The first argument raised on appeal was that the trial judge gave too much weight to offences Kumi had committed under the Youth Criminal Justice Act (YCJA). The Crown had argued, based on R. v. Able, 2013 ONCA 385, that a conviction for possession of a restricted firearm with ammunition, contrary to s. 95(1) of the Criminal Code, could be treated as a second or subsequent offence when an adult charge was considered, provided the adult conviction occurred within the “access period” under s. 119 of the YCJA. The case was distinguishable because Kumi’s offence as a youth was for first-degree murder using a firearm and not for a s.  95 breach of the Criminal Code. He had not been charged previously under Code s. 95(1).

Instead, the trial judge focused on the appropriate range of sentences set out in R. v. Graham, 2018 ONSC 6817 and concluded that the prohibited firearm offense, coupled with another criminal act, would ordinarily elicit a three- to five-year term. However, considering Kumi’s history, an almost unbroken string of offences since he was fifteen, warranted an increase to serve the goals of denunciation and deterrence. The sentence was in line with a six-year sentence for a 19-year-old who committed a concealed handgun offence with similar YCJA prior offences (R. v. Owusu, 2019 ONCA 712).

The second objection on appeal concerned the reduction of pretrial custody, especially while serving time under extreme conditions. During the 680 days in jail awaiting trial, he was in lockdown for 147 days and in overcrowded cells for 124 days. This created a hostile and stressful environment for detainees, conditions cited in R. v. McEwan, 2023 ONSC 1608 as “bordering on inhumane.”

The trial judge reduced the sentence by 36 months in line with the R. v. Summers, 2014 SCC 26 decision that allows for a deduction of 1.5:1 credit for time spent in pretrial custody. However, the trial judge did not include what has been called a Duncan credit when prison conditions are harsh. R. v. Duncan, 2016 ONCA 754 has been explained in R. v. Marshall, 2021 ONCA 344 as analytically distinct from Summers. A Summers credit results in a deduction of time from the time left to serve on a sentence. A Duncan credit recognizes that harsh conditions can be considered to mitigate the appropriate sentence.

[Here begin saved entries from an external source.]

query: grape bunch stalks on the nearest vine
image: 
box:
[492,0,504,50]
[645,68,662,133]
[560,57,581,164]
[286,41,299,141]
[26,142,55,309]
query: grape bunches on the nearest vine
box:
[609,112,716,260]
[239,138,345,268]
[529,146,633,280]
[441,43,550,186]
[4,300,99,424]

The trial judge accepted the Crown’s submission that a global sentence of seven and a half years was appropriate and a further deduction for a Duncan credit would result in an unfit sentence and diminish the importance of maintaining the principles of denunciation and deterrence.

The trial judge applied the correct sentencing principles, and deference must be shown in the judge’s calculation.

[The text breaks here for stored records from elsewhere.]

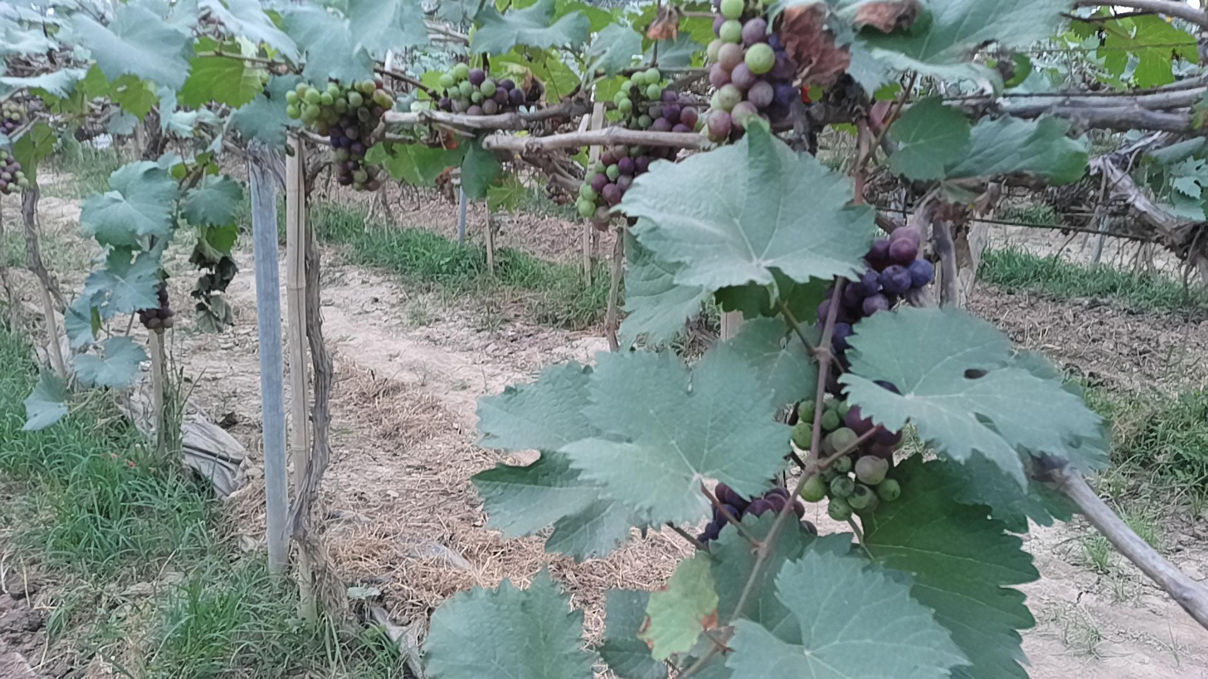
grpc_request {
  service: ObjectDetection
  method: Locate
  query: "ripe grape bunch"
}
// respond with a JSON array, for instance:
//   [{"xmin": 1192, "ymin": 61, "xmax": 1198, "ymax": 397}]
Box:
[{"xmin": 696, "ymin": 483, "xmax": 817, "ymax": 548}]
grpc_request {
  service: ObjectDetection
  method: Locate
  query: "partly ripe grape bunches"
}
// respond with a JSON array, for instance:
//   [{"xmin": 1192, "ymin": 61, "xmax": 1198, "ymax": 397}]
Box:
[
  {"xmin": 576, "ymin": 69, "xmax": 704, "ymax": 230},
  {"xmin": 0, "ymin": 103, "xmax": 27, "ymax": 194},
  {"xmin": 792, "ymin": 228, "xmax": 934, "ymax": 521},
  {"xmin": 427, "ymin": 63, "xmax": 528, "ymax": 115},
  {"xmin": 286, "ymin": 77, "xmax": 393, "ymax": 190},
  {"xmin": 705, "ymin": 0, "xmax": 804, "ymax": 142},
  {"xmin": 137, "ymin": 283, "xmax": 173, "ymax": 332}
]

As a result, the Ontario Court of Appeal granted leave to appeal the sentence but ultimately dismissed the appeal. However, prospective appellants will likely consider the decision carefully in the new year.

John L. Hill practised and taught prison law until his retirement. He holds a J.D. from Queen’s and an LL.M. in constitutional law from Osgoode Hall. He is also the author of Pine Box Parole: Terry Fitzsimmons and the Quest to End Solitary Confinement (Durvile & UpRoute Books) and The Rest of the (True Crime) Story (AOS Publishing). Contact him at johnlornehill@hotmail.com.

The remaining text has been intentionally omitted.